Level 2 domain knows all prefixes but Level 1 domain only knows L1 prefixes. By default the ABR (L2/L1) router sends default routes to level 1 only. You can tweak that via isis route leaking. So the level 1 propagates all routes to level 2 however level 2 propagates only default routes to level 1.  This is important because default route is and MPLS VPN tunnels are not supported for /0 addresses it must be /32. So you cannot establish MPLS tunnel from level 1 to anything in level 2.

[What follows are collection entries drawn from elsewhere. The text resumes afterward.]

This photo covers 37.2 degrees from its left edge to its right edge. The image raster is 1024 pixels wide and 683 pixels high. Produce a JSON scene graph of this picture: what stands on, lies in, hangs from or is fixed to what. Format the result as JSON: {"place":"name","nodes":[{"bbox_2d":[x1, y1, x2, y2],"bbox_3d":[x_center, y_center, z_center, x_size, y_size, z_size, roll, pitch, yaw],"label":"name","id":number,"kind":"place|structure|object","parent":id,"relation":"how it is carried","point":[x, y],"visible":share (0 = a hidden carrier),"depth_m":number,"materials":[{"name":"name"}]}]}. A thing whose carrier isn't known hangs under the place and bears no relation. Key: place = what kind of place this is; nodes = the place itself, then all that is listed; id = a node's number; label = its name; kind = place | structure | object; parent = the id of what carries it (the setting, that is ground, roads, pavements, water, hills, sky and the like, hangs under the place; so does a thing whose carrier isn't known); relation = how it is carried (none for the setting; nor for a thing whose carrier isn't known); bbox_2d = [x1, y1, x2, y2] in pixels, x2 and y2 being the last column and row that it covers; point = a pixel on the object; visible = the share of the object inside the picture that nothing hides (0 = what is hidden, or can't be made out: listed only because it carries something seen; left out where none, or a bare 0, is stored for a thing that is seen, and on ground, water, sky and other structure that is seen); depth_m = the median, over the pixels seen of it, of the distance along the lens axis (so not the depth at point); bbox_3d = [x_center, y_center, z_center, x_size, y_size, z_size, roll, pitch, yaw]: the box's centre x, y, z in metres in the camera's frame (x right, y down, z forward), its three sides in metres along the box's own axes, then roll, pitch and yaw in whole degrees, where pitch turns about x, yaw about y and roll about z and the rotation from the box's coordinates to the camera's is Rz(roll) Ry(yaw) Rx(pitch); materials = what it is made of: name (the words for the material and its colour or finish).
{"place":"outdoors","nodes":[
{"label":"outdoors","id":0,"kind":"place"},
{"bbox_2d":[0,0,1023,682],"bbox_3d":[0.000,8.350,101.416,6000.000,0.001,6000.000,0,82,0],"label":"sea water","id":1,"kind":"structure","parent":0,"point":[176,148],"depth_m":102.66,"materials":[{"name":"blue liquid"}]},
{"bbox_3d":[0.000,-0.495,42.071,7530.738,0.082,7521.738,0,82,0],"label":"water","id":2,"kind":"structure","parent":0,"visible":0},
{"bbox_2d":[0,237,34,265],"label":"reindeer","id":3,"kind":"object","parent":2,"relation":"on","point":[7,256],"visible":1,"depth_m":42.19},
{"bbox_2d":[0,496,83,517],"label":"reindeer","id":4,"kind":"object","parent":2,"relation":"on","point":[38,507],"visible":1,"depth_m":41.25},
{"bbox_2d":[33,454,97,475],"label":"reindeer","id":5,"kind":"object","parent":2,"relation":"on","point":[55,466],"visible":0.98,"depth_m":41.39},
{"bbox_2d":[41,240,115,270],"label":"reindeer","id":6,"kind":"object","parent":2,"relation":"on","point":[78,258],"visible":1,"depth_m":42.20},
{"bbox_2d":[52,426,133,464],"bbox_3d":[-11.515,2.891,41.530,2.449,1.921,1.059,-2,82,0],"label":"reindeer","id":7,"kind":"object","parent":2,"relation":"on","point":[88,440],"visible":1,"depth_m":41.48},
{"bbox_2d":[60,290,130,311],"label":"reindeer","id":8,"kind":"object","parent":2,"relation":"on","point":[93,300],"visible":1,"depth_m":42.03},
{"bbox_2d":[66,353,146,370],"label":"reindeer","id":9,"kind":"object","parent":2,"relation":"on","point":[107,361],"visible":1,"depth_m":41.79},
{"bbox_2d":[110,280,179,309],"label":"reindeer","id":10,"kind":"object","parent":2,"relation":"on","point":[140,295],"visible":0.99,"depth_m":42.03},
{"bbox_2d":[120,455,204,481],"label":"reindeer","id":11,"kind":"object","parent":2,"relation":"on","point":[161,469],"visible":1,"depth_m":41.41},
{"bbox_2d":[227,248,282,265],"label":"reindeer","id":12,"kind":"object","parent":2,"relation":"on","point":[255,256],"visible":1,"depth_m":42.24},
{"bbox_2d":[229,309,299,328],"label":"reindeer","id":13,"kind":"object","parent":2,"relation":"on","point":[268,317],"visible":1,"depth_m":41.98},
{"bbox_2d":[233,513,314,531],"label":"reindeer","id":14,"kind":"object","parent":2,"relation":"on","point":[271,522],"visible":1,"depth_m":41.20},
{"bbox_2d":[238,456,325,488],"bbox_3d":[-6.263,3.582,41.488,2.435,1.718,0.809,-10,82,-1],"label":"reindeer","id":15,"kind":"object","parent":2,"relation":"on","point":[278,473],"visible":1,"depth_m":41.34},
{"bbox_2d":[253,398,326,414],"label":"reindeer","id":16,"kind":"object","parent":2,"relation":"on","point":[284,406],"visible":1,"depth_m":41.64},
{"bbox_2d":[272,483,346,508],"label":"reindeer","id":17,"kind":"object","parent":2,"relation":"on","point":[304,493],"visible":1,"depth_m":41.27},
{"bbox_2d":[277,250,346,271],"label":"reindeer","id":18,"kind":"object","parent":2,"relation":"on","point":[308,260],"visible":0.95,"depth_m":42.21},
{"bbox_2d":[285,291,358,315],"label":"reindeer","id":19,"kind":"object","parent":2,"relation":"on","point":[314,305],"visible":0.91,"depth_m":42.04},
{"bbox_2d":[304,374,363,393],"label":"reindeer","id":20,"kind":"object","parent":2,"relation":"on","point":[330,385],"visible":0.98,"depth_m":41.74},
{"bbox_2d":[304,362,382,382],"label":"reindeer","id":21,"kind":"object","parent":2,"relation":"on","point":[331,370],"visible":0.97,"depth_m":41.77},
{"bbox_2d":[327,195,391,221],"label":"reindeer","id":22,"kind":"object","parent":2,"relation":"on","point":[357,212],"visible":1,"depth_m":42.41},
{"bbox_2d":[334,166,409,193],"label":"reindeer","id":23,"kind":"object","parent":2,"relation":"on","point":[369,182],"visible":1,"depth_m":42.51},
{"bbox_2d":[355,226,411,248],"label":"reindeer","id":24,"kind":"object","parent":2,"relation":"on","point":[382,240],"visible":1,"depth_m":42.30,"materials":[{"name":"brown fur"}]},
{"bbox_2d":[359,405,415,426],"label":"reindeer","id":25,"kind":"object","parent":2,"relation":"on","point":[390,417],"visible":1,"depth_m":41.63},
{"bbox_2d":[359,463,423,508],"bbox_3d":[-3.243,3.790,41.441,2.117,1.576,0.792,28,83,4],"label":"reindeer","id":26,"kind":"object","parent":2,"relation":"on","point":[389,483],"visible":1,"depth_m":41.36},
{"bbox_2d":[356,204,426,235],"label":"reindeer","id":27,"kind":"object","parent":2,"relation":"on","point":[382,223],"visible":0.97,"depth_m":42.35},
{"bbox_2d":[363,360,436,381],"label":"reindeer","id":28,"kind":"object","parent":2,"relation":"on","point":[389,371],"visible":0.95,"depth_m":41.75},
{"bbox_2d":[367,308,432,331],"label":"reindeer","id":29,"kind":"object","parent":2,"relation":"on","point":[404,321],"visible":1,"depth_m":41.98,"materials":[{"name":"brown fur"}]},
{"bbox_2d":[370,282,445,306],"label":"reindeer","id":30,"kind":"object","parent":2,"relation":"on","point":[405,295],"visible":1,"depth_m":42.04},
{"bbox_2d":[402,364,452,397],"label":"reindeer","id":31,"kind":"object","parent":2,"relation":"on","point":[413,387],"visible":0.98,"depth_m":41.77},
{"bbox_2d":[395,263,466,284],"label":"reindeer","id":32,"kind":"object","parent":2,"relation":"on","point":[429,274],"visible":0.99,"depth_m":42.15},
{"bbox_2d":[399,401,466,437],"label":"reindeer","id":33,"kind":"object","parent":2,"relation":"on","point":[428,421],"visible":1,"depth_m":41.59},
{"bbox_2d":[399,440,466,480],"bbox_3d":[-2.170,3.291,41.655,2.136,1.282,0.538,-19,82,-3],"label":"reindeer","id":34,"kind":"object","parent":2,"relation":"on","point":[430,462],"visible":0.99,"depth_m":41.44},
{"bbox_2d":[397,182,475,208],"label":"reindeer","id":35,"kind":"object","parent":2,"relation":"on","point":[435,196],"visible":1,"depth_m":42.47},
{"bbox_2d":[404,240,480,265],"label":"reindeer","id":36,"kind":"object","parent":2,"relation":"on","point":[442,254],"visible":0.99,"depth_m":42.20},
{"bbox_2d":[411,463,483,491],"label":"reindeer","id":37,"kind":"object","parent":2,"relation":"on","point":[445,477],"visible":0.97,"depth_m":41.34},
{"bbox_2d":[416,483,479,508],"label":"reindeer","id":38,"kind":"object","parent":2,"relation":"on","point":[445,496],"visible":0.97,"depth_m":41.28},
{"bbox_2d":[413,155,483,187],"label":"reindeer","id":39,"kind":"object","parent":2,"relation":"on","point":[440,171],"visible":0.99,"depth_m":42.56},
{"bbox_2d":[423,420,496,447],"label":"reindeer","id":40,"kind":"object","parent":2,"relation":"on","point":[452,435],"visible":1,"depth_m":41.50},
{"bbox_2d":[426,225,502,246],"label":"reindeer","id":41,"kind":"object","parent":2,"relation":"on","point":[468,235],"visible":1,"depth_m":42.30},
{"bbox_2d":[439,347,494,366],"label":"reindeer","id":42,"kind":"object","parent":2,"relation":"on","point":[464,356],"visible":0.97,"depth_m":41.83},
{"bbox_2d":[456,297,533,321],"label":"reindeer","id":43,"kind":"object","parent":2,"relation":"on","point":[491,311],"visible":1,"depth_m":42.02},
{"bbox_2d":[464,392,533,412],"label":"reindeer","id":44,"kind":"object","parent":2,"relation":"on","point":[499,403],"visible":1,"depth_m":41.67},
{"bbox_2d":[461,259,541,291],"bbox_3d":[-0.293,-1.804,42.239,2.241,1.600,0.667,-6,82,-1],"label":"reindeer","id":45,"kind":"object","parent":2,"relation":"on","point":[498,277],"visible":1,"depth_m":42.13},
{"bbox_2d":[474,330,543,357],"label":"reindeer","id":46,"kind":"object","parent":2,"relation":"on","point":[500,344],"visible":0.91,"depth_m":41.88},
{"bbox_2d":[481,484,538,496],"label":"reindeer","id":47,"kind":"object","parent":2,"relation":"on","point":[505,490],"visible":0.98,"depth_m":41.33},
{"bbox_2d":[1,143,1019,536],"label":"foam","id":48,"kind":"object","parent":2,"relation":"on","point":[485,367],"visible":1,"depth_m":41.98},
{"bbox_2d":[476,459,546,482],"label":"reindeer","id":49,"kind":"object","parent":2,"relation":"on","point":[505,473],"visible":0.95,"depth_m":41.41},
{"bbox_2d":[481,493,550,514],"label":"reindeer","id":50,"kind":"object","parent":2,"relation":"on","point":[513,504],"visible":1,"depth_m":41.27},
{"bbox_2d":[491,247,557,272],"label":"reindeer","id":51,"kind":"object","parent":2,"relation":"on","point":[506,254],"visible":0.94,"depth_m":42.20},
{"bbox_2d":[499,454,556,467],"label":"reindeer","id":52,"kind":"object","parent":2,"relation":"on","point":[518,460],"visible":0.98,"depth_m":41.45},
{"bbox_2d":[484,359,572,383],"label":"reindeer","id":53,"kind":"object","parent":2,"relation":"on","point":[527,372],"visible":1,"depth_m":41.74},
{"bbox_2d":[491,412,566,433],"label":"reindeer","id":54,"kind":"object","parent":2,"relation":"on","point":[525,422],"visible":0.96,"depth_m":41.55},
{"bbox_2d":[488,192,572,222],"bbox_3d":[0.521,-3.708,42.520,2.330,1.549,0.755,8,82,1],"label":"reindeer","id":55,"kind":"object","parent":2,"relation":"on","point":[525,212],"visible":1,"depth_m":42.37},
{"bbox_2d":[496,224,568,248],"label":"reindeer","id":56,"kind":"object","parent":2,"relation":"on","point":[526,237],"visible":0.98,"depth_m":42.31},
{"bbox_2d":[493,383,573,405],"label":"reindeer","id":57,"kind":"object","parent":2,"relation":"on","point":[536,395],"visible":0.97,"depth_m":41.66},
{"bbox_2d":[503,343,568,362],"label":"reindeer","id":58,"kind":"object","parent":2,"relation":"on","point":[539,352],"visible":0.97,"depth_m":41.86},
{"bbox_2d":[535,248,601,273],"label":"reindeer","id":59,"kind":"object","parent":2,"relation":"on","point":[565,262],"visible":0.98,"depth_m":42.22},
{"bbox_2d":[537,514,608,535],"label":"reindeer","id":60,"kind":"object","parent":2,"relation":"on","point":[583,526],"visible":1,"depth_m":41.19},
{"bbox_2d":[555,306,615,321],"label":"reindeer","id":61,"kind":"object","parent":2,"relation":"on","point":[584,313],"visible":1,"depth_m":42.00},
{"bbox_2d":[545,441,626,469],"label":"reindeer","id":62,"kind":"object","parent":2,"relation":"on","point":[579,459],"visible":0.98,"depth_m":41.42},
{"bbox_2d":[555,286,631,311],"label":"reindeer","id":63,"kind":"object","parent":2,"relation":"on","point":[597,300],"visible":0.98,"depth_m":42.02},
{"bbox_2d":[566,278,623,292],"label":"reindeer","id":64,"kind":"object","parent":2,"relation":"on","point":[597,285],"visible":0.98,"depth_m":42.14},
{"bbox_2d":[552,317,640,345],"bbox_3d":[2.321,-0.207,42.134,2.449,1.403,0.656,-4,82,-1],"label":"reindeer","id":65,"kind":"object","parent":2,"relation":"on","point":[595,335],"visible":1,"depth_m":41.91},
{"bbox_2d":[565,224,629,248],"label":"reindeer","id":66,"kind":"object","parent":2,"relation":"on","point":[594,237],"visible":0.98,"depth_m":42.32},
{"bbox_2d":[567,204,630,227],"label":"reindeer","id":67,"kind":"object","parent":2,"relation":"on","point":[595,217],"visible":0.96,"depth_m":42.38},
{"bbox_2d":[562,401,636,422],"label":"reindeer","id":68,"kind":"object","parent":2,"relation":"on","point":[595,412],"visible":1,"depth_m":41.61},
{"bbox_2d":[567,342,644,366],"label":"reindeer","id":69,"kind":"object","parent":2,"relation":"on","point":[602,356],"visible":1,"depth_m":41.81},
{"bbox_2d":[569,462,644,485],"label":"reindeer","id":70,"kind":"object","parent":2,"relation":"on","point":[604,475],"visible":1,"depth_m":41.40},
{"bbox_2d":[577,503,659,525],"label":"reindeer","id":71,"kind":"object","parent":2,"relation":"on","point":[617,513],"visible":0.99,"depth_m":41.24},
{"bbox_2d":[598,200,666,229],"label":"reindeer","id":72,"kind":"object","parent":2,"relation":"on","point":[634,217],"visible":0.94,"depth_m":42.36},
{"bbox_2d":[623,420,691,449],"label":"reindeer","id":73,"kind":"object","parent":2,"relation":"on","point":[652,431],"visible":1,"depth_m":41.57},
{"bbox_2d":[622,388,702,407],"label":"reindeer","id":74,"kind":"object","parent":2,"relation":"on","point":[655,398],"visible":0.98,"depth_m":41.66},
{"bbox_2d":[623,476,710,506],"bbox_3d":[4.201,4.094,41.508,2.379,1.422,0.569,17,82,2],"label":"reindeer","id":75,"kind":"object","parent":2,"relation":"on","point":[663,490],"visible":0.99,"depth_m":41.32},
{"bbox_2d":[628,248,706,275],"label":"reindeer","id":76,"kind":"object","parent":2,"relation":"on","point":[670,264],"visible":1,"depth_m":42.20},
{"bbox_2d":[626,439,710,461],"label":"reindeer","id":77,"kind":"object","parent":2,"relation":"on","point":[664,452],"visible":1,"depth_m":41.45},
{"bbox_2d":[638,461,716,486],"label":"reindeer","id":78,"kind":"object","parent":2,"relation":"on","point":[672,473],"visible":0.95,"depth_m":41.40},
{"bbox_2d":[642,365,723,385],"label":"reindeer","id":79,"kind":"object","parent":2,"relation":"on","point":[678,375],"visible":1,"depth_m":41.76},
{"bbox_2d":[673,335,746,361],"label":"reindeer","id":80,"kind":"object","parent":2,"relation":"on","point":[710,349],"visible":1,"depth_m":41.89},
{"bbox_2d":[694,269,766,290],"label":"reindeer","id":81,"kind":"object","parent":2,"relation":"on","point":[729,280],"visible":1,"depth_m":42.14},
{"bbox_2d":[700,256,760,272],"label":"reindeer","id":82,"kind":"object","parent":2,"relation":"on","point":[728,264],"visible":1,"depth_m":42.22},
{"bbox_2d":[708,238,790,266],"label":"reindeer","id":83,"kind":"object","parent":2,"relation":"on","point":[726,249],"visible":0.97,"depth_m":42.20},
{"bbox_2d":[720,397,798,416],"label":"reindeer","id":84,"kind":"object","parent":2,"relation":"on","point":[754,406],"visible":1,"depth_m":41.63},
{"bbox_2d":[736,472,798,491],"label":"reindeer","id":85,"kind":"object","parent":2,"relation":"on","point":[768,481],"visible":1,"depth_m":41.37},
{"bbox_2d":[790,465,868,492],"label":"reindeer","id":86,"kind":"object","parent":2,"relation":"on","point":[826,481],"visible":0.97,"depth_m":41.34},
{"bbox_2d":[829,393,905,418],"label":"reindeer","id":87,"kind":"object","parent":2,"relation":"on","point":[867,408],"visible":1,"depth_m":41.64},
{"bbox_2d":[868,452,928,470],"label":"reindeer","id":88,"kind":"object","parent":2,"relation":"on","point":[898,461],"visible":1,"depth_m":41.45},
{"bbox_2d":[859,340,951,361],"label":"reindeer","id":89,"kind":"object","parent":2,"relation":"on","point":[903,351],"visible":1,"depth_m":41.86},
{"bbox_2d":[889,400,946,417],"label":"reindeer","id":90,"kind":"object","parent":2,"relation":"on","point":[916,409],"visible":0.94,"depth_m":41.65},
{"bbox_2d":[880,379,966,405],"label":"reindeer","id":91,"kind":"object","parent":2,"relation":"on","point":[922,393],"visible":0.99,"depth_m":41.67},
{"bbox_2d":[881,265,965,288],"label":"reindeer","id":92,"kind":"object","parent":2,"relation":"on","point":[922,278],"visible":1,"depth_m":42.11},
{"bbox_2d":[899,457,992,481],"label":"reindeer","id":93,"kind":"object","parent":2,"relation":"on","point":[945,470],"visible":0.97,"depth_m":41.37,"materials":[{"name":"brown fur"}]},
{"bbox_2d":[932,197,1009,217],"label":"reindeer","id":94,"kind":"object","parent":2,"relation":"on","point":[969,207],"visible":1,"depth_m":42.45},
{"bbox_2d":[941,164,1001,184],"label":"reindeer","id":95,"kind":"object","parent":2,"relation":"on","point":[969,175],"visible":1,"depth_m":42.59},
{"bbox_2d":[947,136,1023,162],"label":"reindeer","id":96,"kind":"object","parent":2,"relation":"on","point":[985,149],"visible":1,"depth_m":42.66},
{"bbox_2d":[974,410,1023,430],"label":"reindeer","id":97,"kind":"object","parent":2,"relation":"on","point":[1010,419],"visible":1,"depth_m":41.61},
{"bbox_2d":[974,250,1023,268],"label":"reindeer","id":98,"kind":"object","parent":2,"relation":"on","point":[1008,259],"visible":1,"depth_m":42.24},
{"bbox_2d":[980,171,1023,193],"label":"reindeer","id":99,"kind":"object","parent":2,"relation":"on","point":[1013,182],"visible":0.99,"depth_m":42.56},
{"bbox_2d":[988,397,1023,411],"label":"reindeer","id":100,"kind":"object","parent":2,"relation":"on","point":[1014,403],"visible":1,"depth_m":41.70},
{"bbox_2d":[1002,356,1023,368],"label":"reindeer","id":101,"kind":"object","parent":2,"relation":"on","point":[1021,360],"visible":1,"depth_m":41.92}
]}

The Route Leaking can be used to selectively pass L2 routes into L1, or deny L1 rotues from passing into L2. For that you need to configure prefix-list/prefix-set and allow the network to be leaked via route-map/route-policy. Then you configure the redistribute from level 2 to level one with the route map/rpl.

IS-IS Troubleshoot

To see the neighbors you can put down:

  • show isis neighbors  – you can see this command below. The Circuit ID identifies the DIS, so we are in broadcast network type. Second figure below shows point-to-point mode, when in Circuit ID doesnt show the Router hostname.
  • show clns is-neighbors
  • show isis interface – to show if isis is enabled on interface
  • debug isis adj-packets – to debug isis adjacency
  • if your metric style doesnt match, adjacency is UP however you wont exchange any routes because the router doesnt understand the TLV field.



IS-IS Path Selection

  • All links default to cost of 10 – this can be manually modified
  • Level 1 paths preffered over Level 2 paths – like in OSPF Intra-Area over Inter-Are (network LSA over summary LSA)
  • Neighbors must agree on metric style
    • Narrow (default)
    • Wide – needed for MPLS TE and IPv6
    • Transition – runs both wide and narrow at same time.
  • There is field in ISIS that is called TLV (type,length,value). That is used to encode the metric style. However that is not the only usage. You can also encode the ipv6 information or MPLS TE and this is important for us because in 99 % when you forming adjacency you would select metric style Wide. This type gives the TLV larger bit length which can then encode more information like IPv6 or MPLS TE.